# Any RI guys here? Need info on Auto Rust Technicians in Cranston



## Iceman55 (Jan 4, 2014)

Looking to get 2000 GMC 2500 Frame sandblasted to remove scale and rust and then get it undercoated.

Auto Rust Technicians in Cranston seems to have reasonable prices, anyone know their work?


----------



## quigleysiding (Oct 3, 2009)

A friend just had his chevy done at some place local. They did a great job. Rustproofed his frame , replaced his cab mounts and repaired a couple of other things. Came out really nice. It wasn"t that expensive for all the work he had done.
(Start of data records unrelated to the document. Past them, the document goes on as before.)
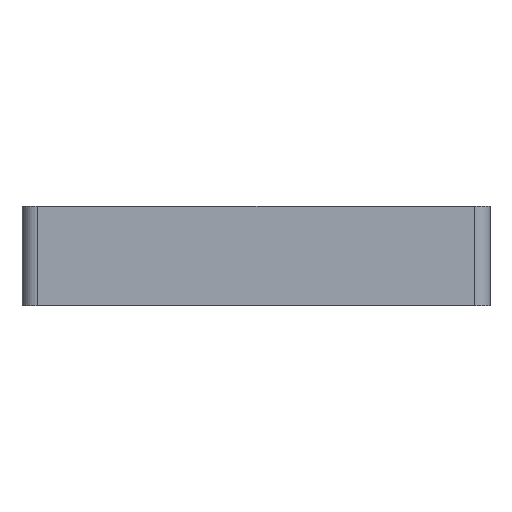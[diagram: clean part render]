
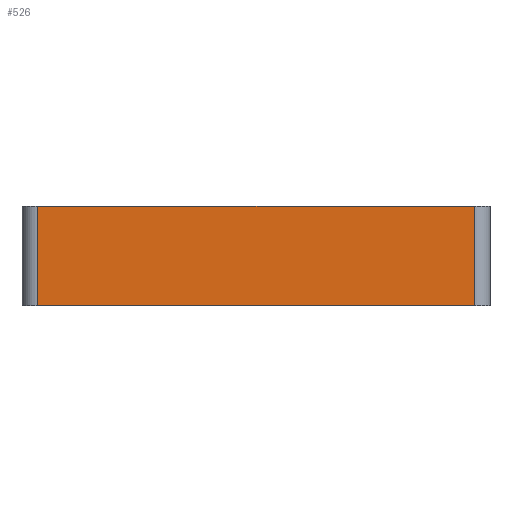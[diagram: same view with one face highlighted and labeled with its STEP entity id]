
A CAD part, left-side view. The second image highlights one B-rep face of the part: STEP entity #526.
In plain terms, the highlighted planar face has unit normal (-1, 0, 0).
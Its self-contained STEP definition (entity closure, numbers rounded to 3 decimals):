
#37 = CARTESIAN_POINT ( 'NONE',  ( 0., 0., 0. ) ) ;
#106 = CARTESIAN_POINT ( 'NONE',  ( 0., -2., 0. ) ) ;
#112 = VECTOR ( 'NONE', #833, 1000. ) ;
#114 = CARTESIAN_POINT ( 'NONE',  ( 0., 0., 12.7 ) ) ;
#168 = CARTESIAN_POINT ( 'NONE',  ( 0., -58., 12.7 ) ) ;
#193 = CARTESIAN_POINT ( 'NONE',  ( 0., -2., 12.7 ) ) ;
#198 = DIRECTION ( 'NONE',  ( 0., -1., 0. ) ) ;
#210 = LINE ( 'NONE', #114, #772 ) ;
#232 = ORIENTED_EDGE ( 'NONE', *, *, #433, .T. ) ;
#263 = CARTESIAN_POINT ( 'NONE',  ( 0., 0., 12.7 ) ) ;
#397 = LINE ( 'NONE', #37, #733 ) ;
#405 = VERTEX_POINT ( 'NONE', #465 ) ;
#433 = EDGE_CURVE ( 'NONE', #993, #405, #956, .T. ) ;
#465 = CARTESIAN_POINT ( 'NONE',  ( 0., -58., 12.7 ) ) ;
#516 = DIRECTION ( 'NONE',  ( 0., -1., 0. ) ) ;
#526 = ADVANCED_FACE ( 'NONE', ( #554 ), #665, .F. ) ;
#554 = FACE_OUTER_BOUND ( 'NONE', #783, .T. ) ;
#565 = CARTESIAN_POINT ( 'NONE',  ( 0., -58., 0. ) ) ;
#601 = VECTOR ( 'NONE', #807, 1000. ) ;
#611 = VERTEX_POINT ( 'NONE', #106 ) ;
#638 = ORIENTED_EDGE ( 'NONE', *, *, #773, .F. ) ;
#639 = VERTEX_POINT ( 'NONE', #734 ) ;
#665 = PLANE ( 'NONE',  #910 ) ;
#718 = EDGE_CURVE ( 'NONE', #611, #993, #397, .T. ) ;
#731 = ORIENTED_EDGE ( 'NONE', *, *, #748, .T. ) ;
#733 = VECTOR ( 'NONE', #198, 1000. ) ;
#734 = CARTESIAN_POINT ( 'NONE',  ( 0., -2., 12.7 ) ) ;
#748 = EDGE_CURVE ( 'NONE', #639, #611, #808, .T. ) ;
#772 = VECTOR ( 'NONE', #516, 1000. ) ;
#773 = EDGE_CURVE ( 'NONE', #639, #405, #210, .T. ) ;
#783 = EDGE_LOOP ( 'NONE', ( #816, #232, #638, #731 ) ) ;
#807 = DIRECTION ( 'NONE',  ( 0., 0., 1. ) ) ;
#808 = LINE ( 'NONE', #193, #112 ) ;
#816 = ORIENTED_EDGE ( 'NONE', *, *, #718, .T. ) ;
#833 = DIRECTION ( 'NONE',  ( 0., 0., -1. ) ) ;
#891 = DIRECTION ( 'NONE',  ( 0., 1., 0. ) ) ;
#910 = AXIS2_PLACEMENT_3D ( 'NONE', #263, #955, #891 ) ;
#955 = DIRECTION ( 'NONE',  ( 1., 0., 0. ) ) ;
#956 = LINE ( 'NONE', #168, #601 ) ;
#993 = VERTEX_POINT ( 'NONE', #565 ) ;
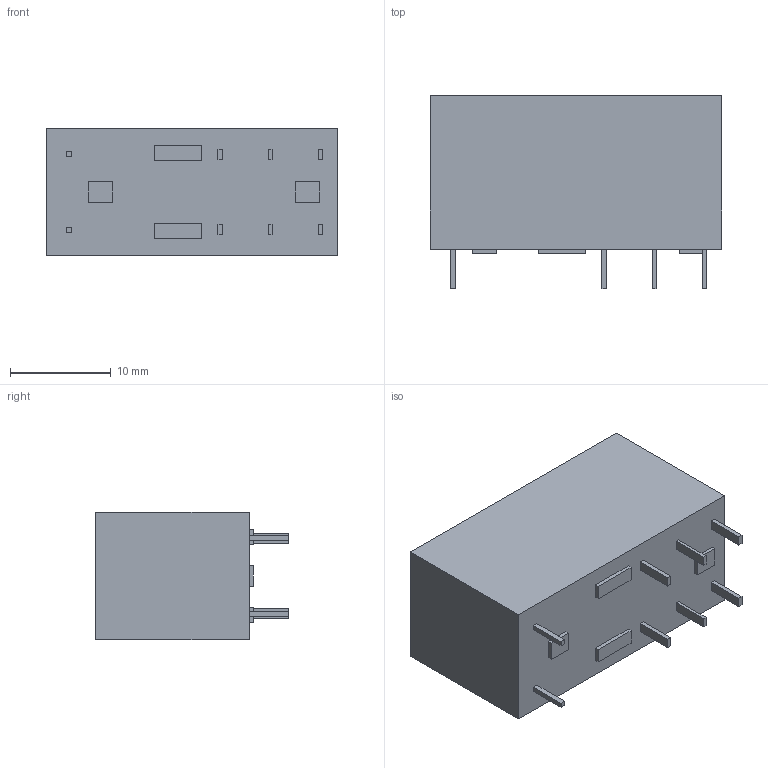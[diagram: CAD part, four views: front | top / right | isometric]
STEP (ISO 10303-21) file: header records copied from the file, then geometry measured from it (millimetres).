
FILE_DESCRIPTION (( 'STEP AP203' ), '1' );
FILE_NAME ('G5RL_U1_E.step', '2014-06-25T06:26:53', ( 'OSMC1.0 ' ), ( ' ' ), 'SwSTEP 2.0', 'SolidWorks 2002025', '' );
FILE_SCHEMA (( 'CONFIG_CONTROL_DESIGN' ));
Length unit declared in the file: millimetre
Products named in the file (1): G5RL_U1_E
Bounding box: 29 x 19.2 x 12.7 mm (x, y, z)
Volume: 5638.5 mm3; surface area: 2121.4 mm2
Topology: 1 solids, 1 shells, 79 faces, 186 edges, 124 vertices
Faces by surface type: plane 77, cylinder 2
Entity records: 2301 total; most frequent: CARTESIAN_POINT 390, ORIENTED_EDGE 372, DIRECTION 350, EDGE_CURVE 186, LINE 182, VECTOR 182, VERTEX_POINT 124, EDGE_LOOP 94

I will find out where he took it and get back at you later on


----------



## Iceman55 (Jan 4, 2014)

thanks Quigley


----------



## ScubaSteve728 (Jan 17, 2012)

they do a very good job but they are pricy but do a good job i remember the frame they had standing up near the highway one side was undercoated one side wasn't 
here is the 2013 price list http://www.autorust.com/images/2013_undercoat_pricing.jpg


----------



## quigleysiding (Oct 3, 2009)

Yup thats the place he took it. They did a real nice job. He said they charged him less than they quoted him. He said that the new cab mounts tighten up the truck and make it feel new again.


----------



## Iceman55 (Jan 4, 2014)

Thanks Guys, I'm down in Connecticut, about 2.5 hours from Newport RI

This will be a spring/summer project after all the snow is done.

Did they do the entire frame? even up around the engine?


----------